Work order: Starting at the line that contains "bbox: grape bunches on the nearest vine" in the listing below, write out every line word for word until you have written the line that contains "Format: JSON array".

Provided records:

....

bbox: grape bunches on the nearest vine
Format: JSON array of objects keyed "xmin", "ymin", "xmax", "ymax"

....

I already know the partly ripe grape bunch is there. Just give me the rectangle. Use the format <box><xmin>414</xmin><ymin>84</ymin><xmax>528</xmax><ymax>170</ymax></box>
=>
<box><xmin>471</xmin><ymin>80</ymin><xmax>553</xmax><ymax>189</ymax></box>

....

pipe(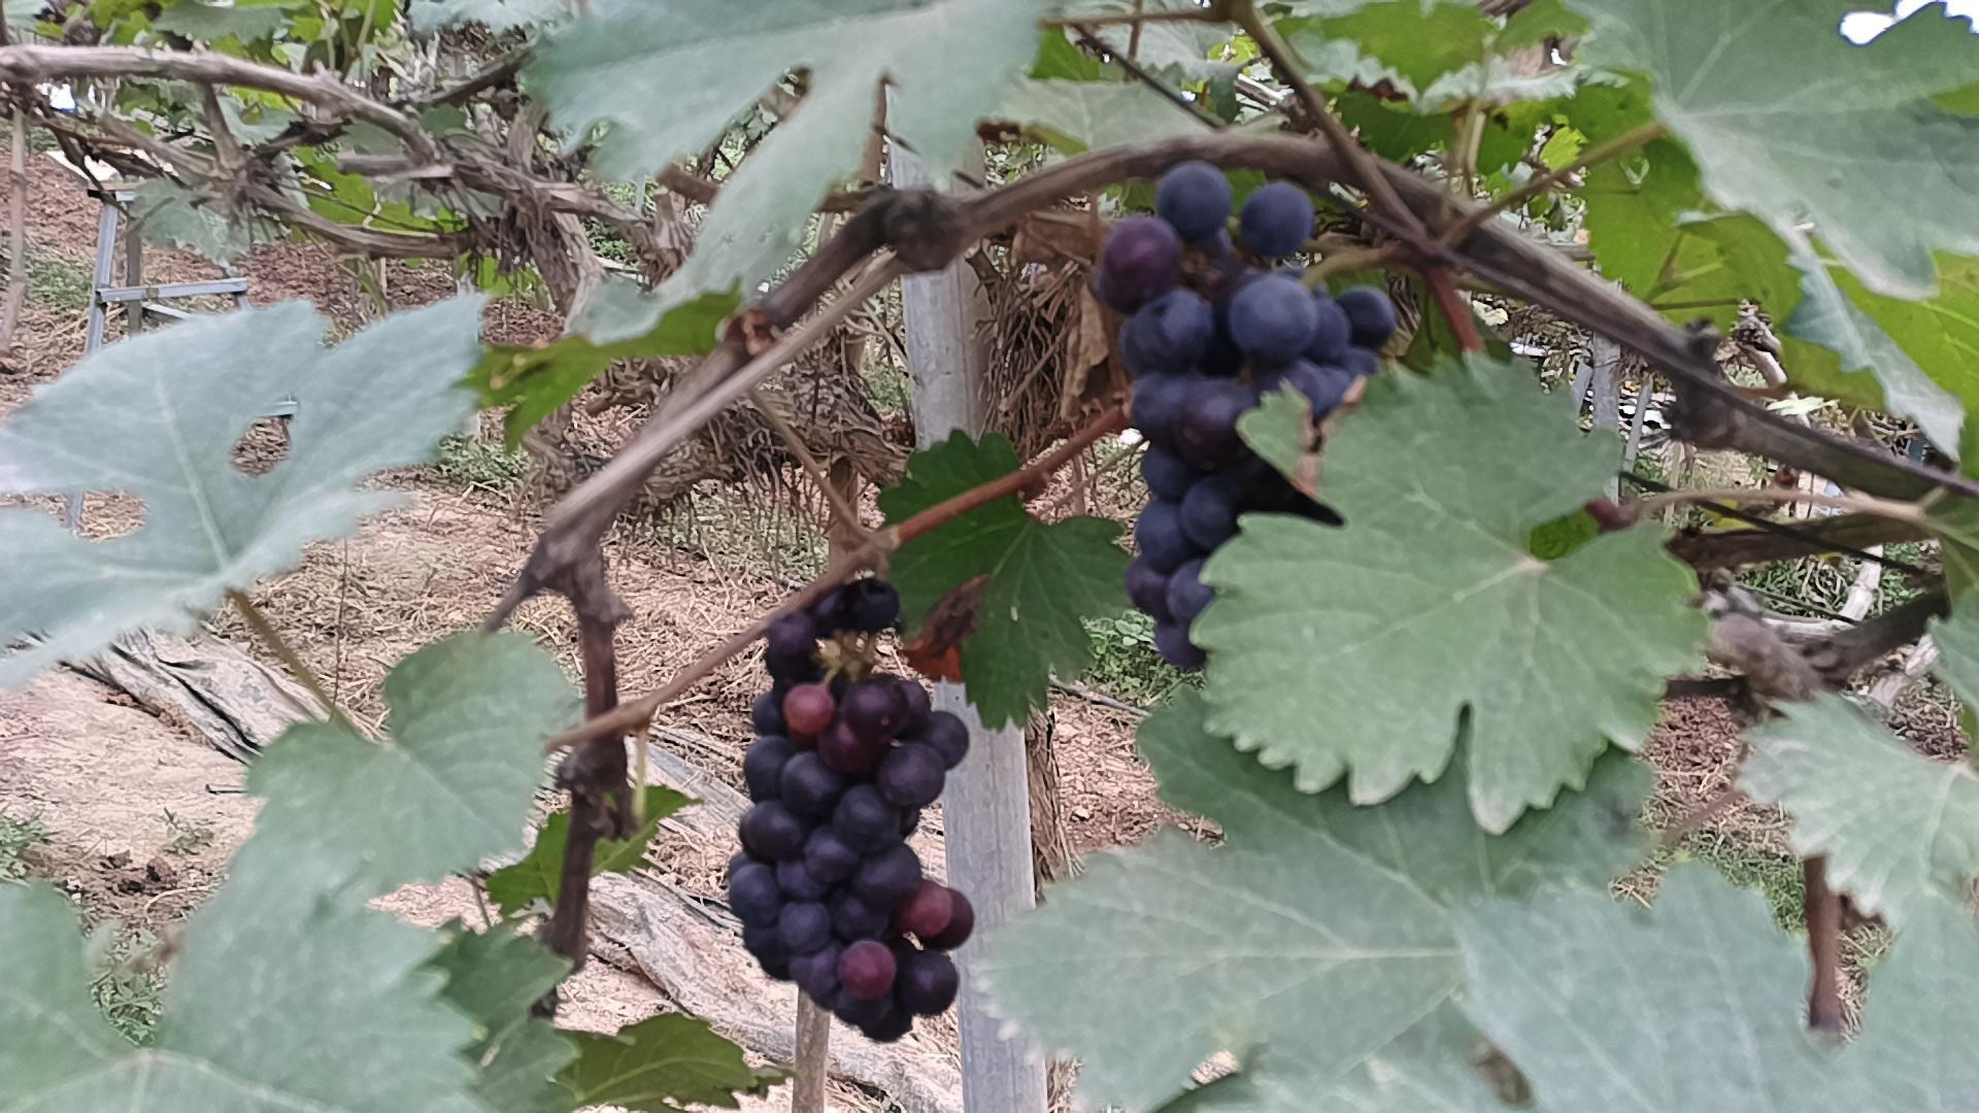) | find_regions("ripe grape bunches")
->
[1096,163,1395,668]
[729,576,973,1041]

....

Output below:
bbox: grape bunches on the nearest vine
Format: JSON array of objects keyed "xmin", "ymin", "xmax", "ymax"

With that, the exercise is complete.